Exercise:
Write out every entry below exactly as it appears. Pictures do not belong in the copy.

......

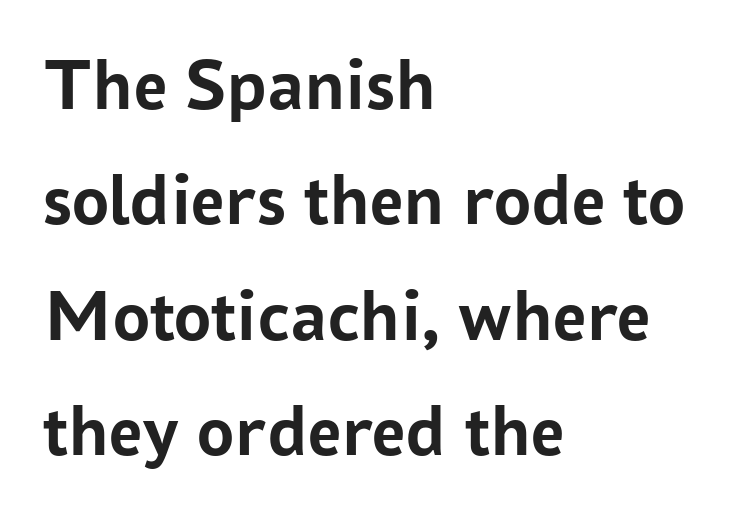
The image shows 74 px semibold sans-serif type, upright; set left-aligned, normal line spacing (1.56x), normal letter spacing, not underlined; low stroke contrast and a medium x-height.
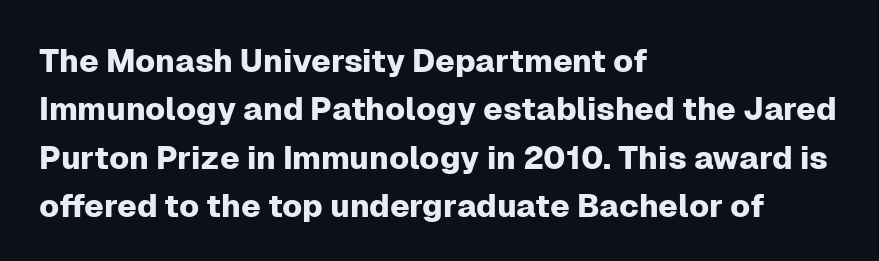
{"serif": "no", "italic": "no", "width": "normal", "stroke_contrast": "low", "x_height": "medium", "monospaced": "no", "underline": "no", "align": "left", "line_spacing": "normal", "line_spacing_ratio": 1.51, "letter_spacing": "normal", "letter_spacing_em": 0.0, "glyph_px": 32}
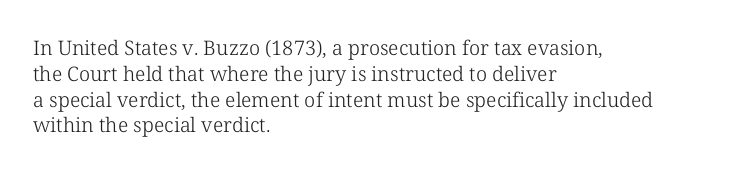
The image shows 20 px text type, upright; set left-aligned, normal line spacing (1.29x), normal letter spacing, not underlined.
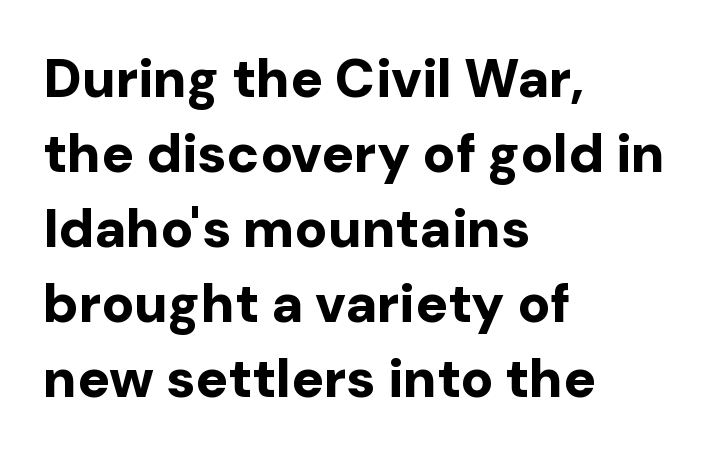
Alignment: flush left. The lettering stays uniformly vertical, giving the passage a roman look. There is no visible air inserted between adjacent glyphs. This sample has the flowing, uneven cadence of proportional lettering. Compared with an ordinary text face, these strokes are far heavier — a full bold.
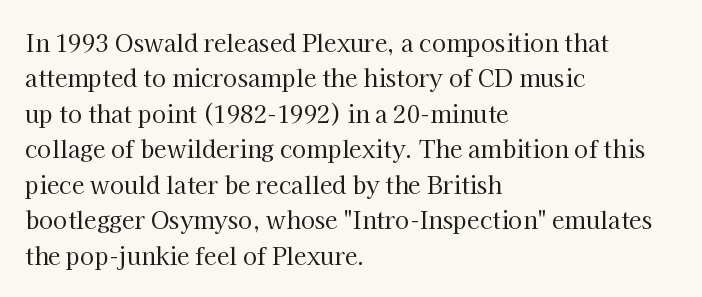
The face looks like a standard text weight, possibly lighter. Vertical strokes here are truly vertical. These lines keep a tight, regular rhythm from letter to letter. Leading matches the norm, producing a regular column. Left-aligned paragraph, ragged on the right. The space directly below the letters is spotless.

......

Answer to this exercise:
The image shows 74 px semibold sans-serif type, upright; set left-aligned, normal line spacing (1.56x), normal letter spacing, not underlined; low stroke contrast and a medium x-height.
{"serif": "no", "italic": "no", "width": "normal", "stroke_contrast": "low", "x_height": "medium", "monospaced": "no", "underline": "no", "align": "left", "line_spacing": "normal", "line_spacing_ratio": 1.51, "letter_spacing": "normal", "letter_spacing_em": 0.0, "glyph_px": 32}
The image shows 20 px text type, upright; set left-aligned, normal line spacing (1.29x), normal letter spacing, not underlined.
Alignment: flush left. The lettering stays uniformly vertical, giving the passage a roman look. There is no visible air inserted between adjacent glyphs. This sample has the flowing, uneven cadence of proportional lettering. Compared with an ordinary text face, these strokes are far heavier — a full bold.
The face looks like a standard text weight, possibly lighter. Vertical strokes here are truly vertical. These lines keep a tight, regular rhythm from letter to letter. Leading matches the norm, producing a regular column. Left-aligned paragraph, ragged on the right. The space directly below the letters is spotless.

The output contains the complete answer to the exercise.